Dalam bebarapa tahun ke depan, Mongolia dikabarkan bakal mempunyai sebuah tempat wisata antariksa baru dan juga unik yang diperuntukkan bagi para pengunjung yang ingin mendapatkan pengalaman kehidupan di Mars.
Rencananya, proyek wisata antariksa ini bakal dibangun di Gurun Gobi, sebuah wilayah terpencil yang dikelilingi oleh berbagai macam spesies flora dan fauna yang unik.
Kabarnya, kamp antariksa yang diberi nama Mars-V ini disebut sebagai proyek wisata paling ambisius dan direncanakan bakal dibuka untuk umum pada tahun 2029 mendatang.

Mengutip Tempo.co, kamp Mars-V merupakan sebuah tempat wisata yang menjadi pusat simulasi antariksa, yang di mana dapat memungkinkan para peserta untuk merasakan pengalaman kehidupan di Mars.
Kamp Mars-V adalah sebuah proyek pariwisata yang tengah dikembangkan oleh LSM Mongolia, MARS-V, serta sejumlah lembaga pemerintah lainnya, menurut informasi yang dirilis Travel and Tour World dalam laman Tempo.co.
Nantinya, di dalam kamp ini akan terdapat sejumlah fasilitas lengkap, seperti tempat tidur bertingkat, pakaian antariksa, serta berbagai peralatan lainnya yang dibutuhkan agar dapat menciptakan kondisi yang sama seperti Mars.
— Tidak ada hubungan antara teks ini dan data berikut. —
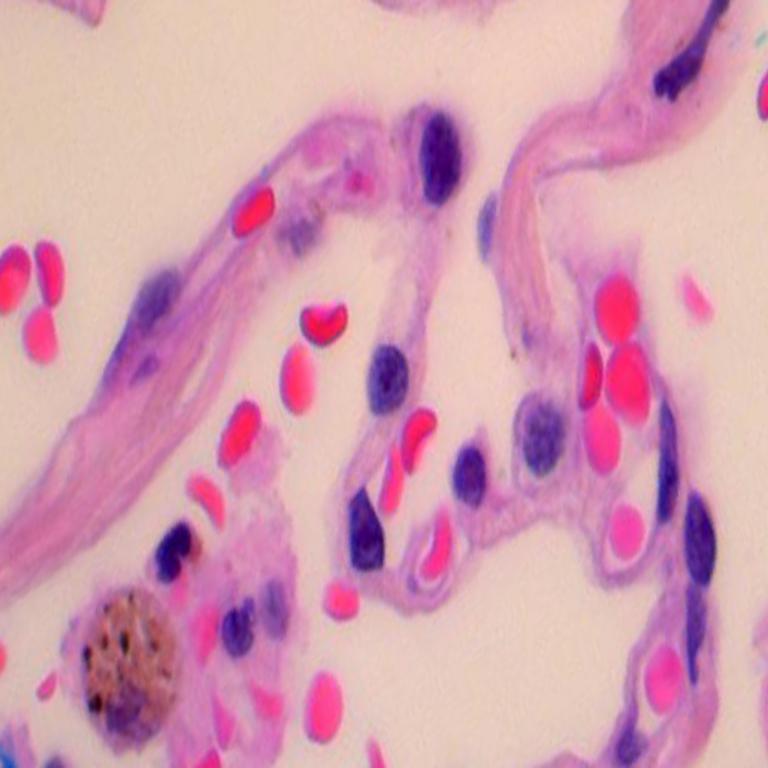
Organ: lung
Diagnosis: benign

Para peserta yang mengikuti kegiatan perkemahan Mars-V bakal diberikan sejumlah tantangan bertahan hidup dalam kurun waktu sebulan.
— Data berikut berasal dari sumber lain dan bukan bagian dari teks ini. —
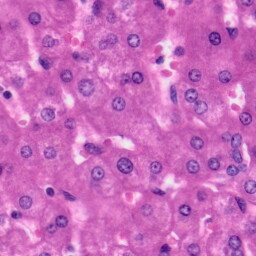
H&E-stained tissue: Liver

Berbagai tantangan itu di antaranya meliputi bertahan hidup dalam kondisi yang sangat dingin, menavigasi medan simulasi Mars, serta menghadapi simulasi badai pasir.
Pada saat berlangsungnya perkemahan tersebut, para peserta yang hadir bakal memakai pakaian antariksa yang sudah dirancang agar dapat melindungi diri mereka dari kondisi yang keras.
Dinukil dari Tempo.co, proyek perkemahan Mars-V ini memiliki tujuan untuk memberikan edukasi kepada para wisatawan terkait berbagai hal, seperti tantangan ilmiah dan teknologi eksplorasi antariksa, meningkatkan kesadaran akan misi Mars, perjalanan antariksa, hingga simulasi hunian manusia di luar Bumi.
Perkemahan Mars-V ini juga dirancang agar dapat memberikan pengalaman serta inspirasi kepada para generasi ilmuwan, insinyur, hingga penjelajah masa depan, serta petualangan bagi mereka yang memiliki ketertarikan terhadap kehidupan luar angkasa.